Example of the relationship between prostate-specific antigen (PSA) and metabolic activity during a PSA bounce for one patient. Magnetic resonance spectroscopy (MRSI) index is *[Cho+Cr]/Cit _ (signal/noise)_choline⁵³.

Further technology developments have also been reported by recent studies. Application of a PRESS sequence with the conformal voxel MRS (CV-MRS), a technique which automatically optimizes the placement of numerous spatial saturation planes to adapt the excitation volume to the shape of the prostate, was combined with a spectral-spatial 90° radiofrequency (RF) excitation pulse. This was tested at 1.5T, for the effect of CV-MRS, on 10 healthy volunteers using the standard disposable endorectal coil inflated with approximately 75 mL of FC-77 FLUORINERT, a perfluocarbon compound, to ensure that the coil remained pressed against the prostate⁵⁴. By decreasing the TE from 130 ms to 40 ms, the full citrate multiplet was observed, as well as the peaks for m-Ino, scyllo-inositol, taurine, and Glx, with a 35% improvement in the number of peaks. Cit detection improved 42 ± 24% over the entire prostate volume, with a range of improvements from 16% to 100%. With CV-MRS, metabolites with a short TE were consistently measured while the signal-to-noise and baseline improved.

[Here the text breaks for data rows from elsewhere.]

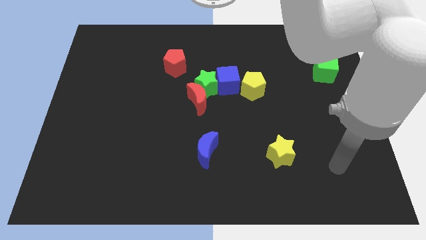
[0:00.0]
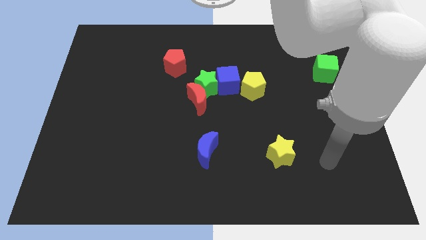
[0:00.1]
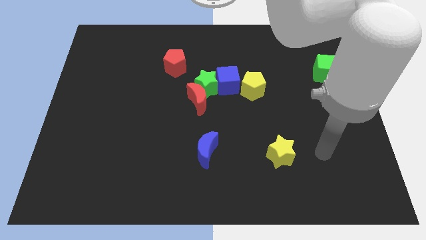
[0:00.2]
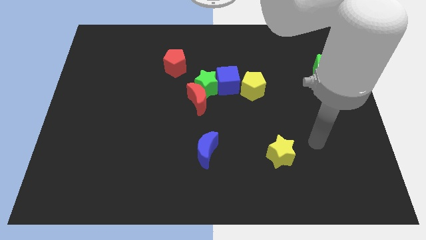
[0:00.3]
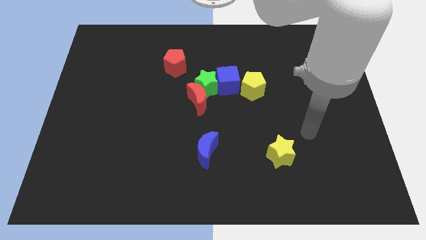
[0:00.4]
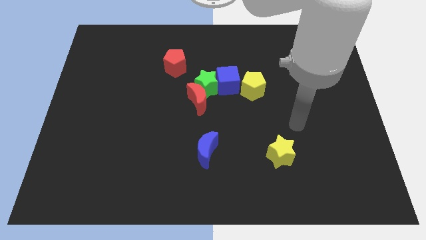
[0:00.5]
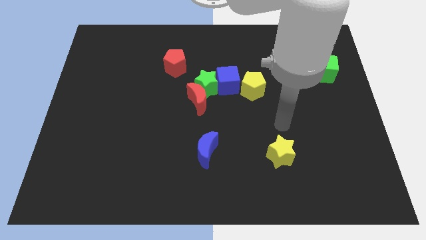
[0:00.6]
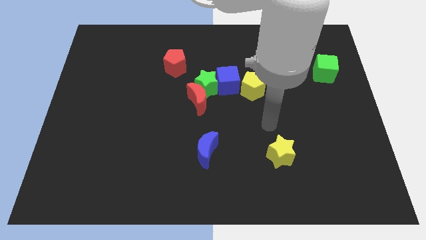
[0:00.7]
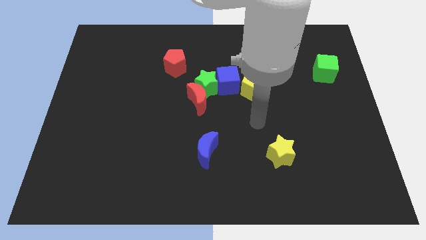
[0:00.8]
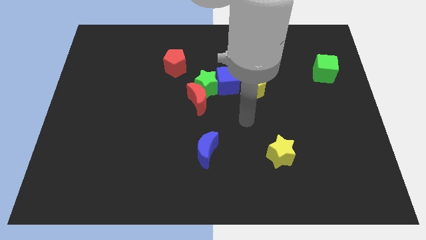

Another promising area of advancement seen with MRSI relates to the recent developments in hyperpolarization technologies. Hyperpolarized [1-¹³C]pyruvate has been used for in vivo ¹³C MRSI as a noninvasive tool for characterizing changes in tumor metabolism for patients with PCa⁵⁵. This methodology explores the well-known Warburg effect of cancer cells’ ability of converting pyruvate to lactate and evaluates the potential relationship between this conversion and the aggressiveness of cancer. 31 patients with biopsy-proven PCa were injected with hyperpolarized [1-¹³C]pyruvate and scanned with ¹³C MRSI (Figure 6). No dose-limiting toxicities were observed and the best signal-to-noise ratio was observed with the highest dose used (0.43 ml/kg of 230 mM agent). Elevated [1-¹³C]lactate/[1-¹³C]pyruvate ratios were observed in regions of biopsy-proven PCa, emphasizing the promising potentials of hyperpolarized ¹³C agents in combination with MRSI to enhance prostate cancer diagnosis and monitor treatment effectiveness.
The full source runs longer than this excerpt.